Três conceitos interligados para medir e comprometer-se com a confiabilidade de um sistema. Sem eles, "disponibilidade" é apenas um número sem significado acordado — e decisões sobre o que priorizar ficam sem base técnica objetiva.

Intenção

SLI, SLO e SLA formam uma hierarquia para transformar "o sistema deve ser confiável" em métricas mensuráveis, metas defensáveis e contratos exigíveis. Cada camada tem um público diferente e consequências diferentes em caso de violação.

O framework foi popularizado pelo modelo de Site Reliability Engineering (SRE) do Google e hoje é padrão em times que operam sistemas em produção com on-call. O conceito central é que confiabilidade precisa ser definida antes de ser medida, e medida antes de ser negociada. Sem essa cadeia, discussões sobre disponibilidade são subjetivas e decisões de engenharia carecem de critério objetivo.

Problema

Times de engenharia enfrentam decisões constantes sobre o que priorizar: novos recursos ou estabilidade? Deploy agora ou aguardar mais testes? Escalar o banco ou aceitar degradação? Sem uma definição clara de quanta falha é aceitável, essas decisões dependem de intuição, política interna ou pressão do momento:

  • Sem SLI: não há consenso sobre o que medir. "O sistema está up" pode significar que o servidor está respondendo ping enquanto 30% das requisições retornam erro 500. Métricas de infraestrutura não refletem a experiência real do usuário.
  • Sem SLO: não há meta para defender. Qualquer nível de falha é implicitamente aceitável, o que leva a sistemas progressivamente mais instáveis sem que ninguém formalize o problema.
  • Sem SLA: não há consequências formais para o provedor do serviço. Usuários e clientes não têm base para exigir compensação ou escalar problemas de confiabilidade.
  • Sem Error Budget: a decisão de fazer ou não um deploy arriscado é tomada com base em "parece ok" em vez de "temos X% de budget restante neste mês". O conceito de budget transforma a confiabilidade em recurso gerenciável.

Como funciona

SLI — Service Level Indicator

O SLI é a métrica real medida: um número que quantifica um aspecto do comportamento do sistema do ponto de vista do usuário. É a base de tudo — SLO e SLA são expressões de SLIs.

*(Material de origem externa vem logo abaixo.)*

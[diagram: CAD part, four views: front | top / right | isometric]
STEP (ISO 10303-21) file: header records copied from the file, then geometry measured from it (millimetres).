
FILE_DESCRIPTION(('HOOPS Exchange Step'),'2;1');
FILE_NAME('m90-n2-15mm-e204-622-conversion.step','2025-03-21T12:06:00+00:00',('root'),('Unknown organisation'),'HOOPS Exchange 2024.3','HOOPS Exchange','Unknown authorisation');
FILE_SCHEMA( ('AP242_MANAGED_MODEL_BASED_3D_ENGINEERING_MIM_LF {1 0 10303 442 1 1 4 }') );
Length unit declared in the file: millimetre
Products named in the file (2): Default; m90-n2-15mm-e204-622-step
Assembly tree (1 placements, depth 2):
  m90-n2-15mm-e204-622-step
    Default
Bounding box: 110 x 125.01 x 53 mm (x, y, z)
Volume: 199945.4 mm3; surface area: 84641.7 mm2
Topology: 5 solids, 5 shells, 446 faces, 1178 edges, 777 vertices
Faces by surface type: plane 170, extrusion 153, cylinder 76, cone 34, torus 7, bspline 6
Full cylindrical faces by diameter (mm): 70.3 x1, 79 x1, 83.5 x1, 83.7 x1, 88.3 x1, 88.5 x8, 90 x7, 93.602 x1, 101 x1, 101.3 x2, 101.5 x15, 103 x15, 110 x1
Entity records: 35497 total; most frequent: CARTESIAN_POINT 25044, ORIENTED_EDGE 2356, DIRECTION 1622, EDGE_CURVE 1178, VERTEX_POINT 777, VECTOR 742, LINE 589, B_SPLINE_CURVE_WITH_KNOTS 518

  • Disponibilidade: proporção de requisições bem-sucedidas / total de requisições.
  • Latência: proporção de requisições respondidas em menos de X ms.
  • Taxa de erros: proporção de respostas 5xx / total de respostas.
  • Throughput: volume de operações processadas por unidade de tempo.

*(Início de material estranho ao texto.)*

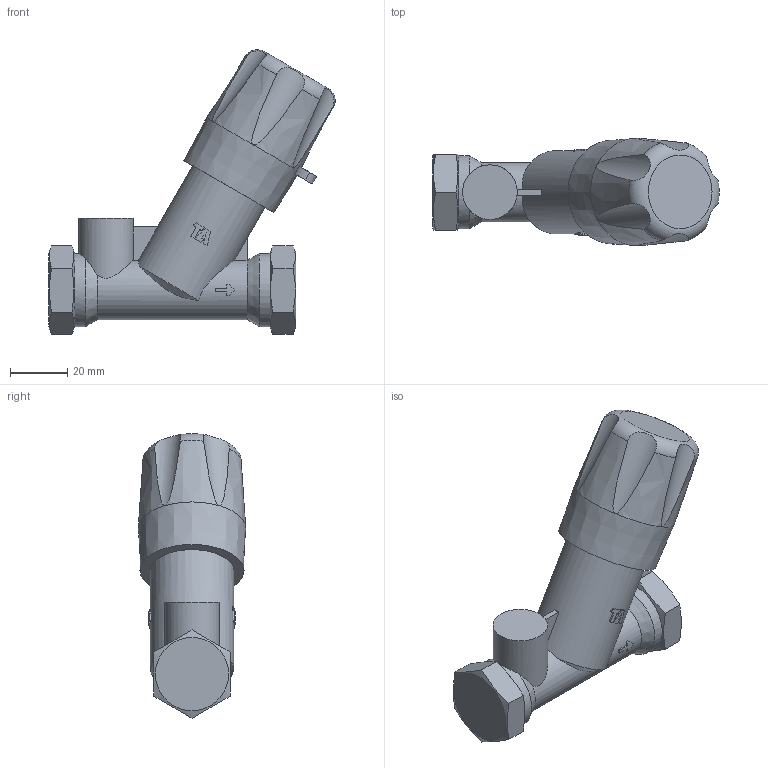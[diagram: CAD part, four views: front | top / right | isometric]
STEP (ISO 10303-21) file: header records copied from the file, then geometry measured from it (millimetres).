
FILE_DESCRIPTION( ( 'Unknown' ), '1' );
FILE_NAME( '52720115.stp', 'Unknown', ( 'Unknown' ), ( 'Unknown' ), 'XStep 1.0', 'Unknown', ' ' );
FILE_SCHEMA( ( 'CONFIG_CONTROL_DESIGN' ) );
Length unit declared in the file: millimetre
Products named in the file (1): 1
Bounding box: 99.69 x 37.37 x 99 mm (x, y, z)
Volume: 109470.3 mm3; surface area: 17860.8 mm2
Topology: 1 solids, 1 shells, 118 faces, 310 edges, 201 vertices
Faces by surface type: plane 81, cylinder 21, cone 15, torus 1
Full cylindrical faces by diameter (mm): 3.5 x1, 19 x1, 20.7 x1, 25.5 x2, 29 x1
Entity records: 4479 total; most frequent: CARTESIAN_POINT 1608, DIRECTION 596, ORIENTED_EDGE 580, EDGE_CURVE 290, AXIS2_PLACEMENT_3D 240, VERTEX_POINT 194, EDGE_LOOP 140, FACE_OUTER_BOUND 125

A escolha do SLI é crítica: ele deve refletir a experiência do usuário, não a saúde da infraestrutura. O servidor pode estar "up" (CPU 5%, memória ok) enquanto o serviço retorna timeout para os usuários. O SLI correto captura o que o usuário experimenta, não o que o dashboard de infraestrutura mostra.

SLO — Service Level Objective

O SLO é a meta interna para o SLI: o alvo que a equipe de engenharia se compromete a atingir e defende operacionalmente. É definido como um valor alvo do SLI em uma janela de tempo.

Exemplos:

  • 99,9% das requisições com latência abaixo de 200ms nos últimos 30 dias.
  • Disponibilidade de 99,95% medida como proporção de requisições bem-sucedidas no mês calendário.
  • Taxa de erros abaixo de 0,1% em qualquer janela de 1 hora.

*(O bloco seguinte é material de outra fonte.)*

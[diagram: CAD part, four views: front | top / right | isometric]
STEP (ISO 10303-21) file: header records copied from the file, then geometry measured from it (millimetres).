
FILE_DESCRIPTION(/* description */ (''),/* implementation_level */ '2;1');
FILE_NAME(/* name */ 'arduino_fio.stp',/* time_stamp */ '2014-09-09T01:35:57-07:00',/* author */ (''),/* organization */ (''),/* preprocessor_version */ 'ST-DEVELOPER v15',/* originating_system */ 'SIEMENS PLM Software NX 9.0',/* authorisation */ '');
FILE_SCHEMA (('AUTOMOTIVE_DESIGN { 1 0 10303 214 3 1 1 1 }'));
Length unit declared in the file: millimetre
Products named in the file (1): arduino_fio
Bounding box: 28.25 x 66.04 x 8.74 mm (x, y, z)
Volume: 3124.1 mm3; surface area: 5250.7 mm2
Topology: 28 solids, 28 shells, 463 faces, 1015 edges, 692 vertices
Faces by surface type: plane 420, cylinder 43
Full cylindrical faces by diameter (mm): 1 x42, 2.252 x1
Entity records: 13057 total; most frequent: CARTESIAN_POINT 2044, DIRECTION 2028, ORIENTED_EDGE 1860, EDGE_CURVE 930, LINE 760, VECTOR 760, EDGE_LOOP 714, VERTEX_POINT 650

O SLO é uma meta interna — não é o contrato com o cliente, mas é o que a engenharia trata como limite. Quando o SLO está sendo violado, é o sinal para acionar on-call, paralisar deploys e priorizar estabilidade sobre funcionalidades.

SLA — Service Level Agreement

O SLA é o contrato externo com o cliente ou usuário. É baseado nos SLOs, mas com margem de segurança: o SLA é menos restritivo que o SLO interno, porque a equipe precisa de espaço para falhar no SLO sem imediatamente violar o contrato.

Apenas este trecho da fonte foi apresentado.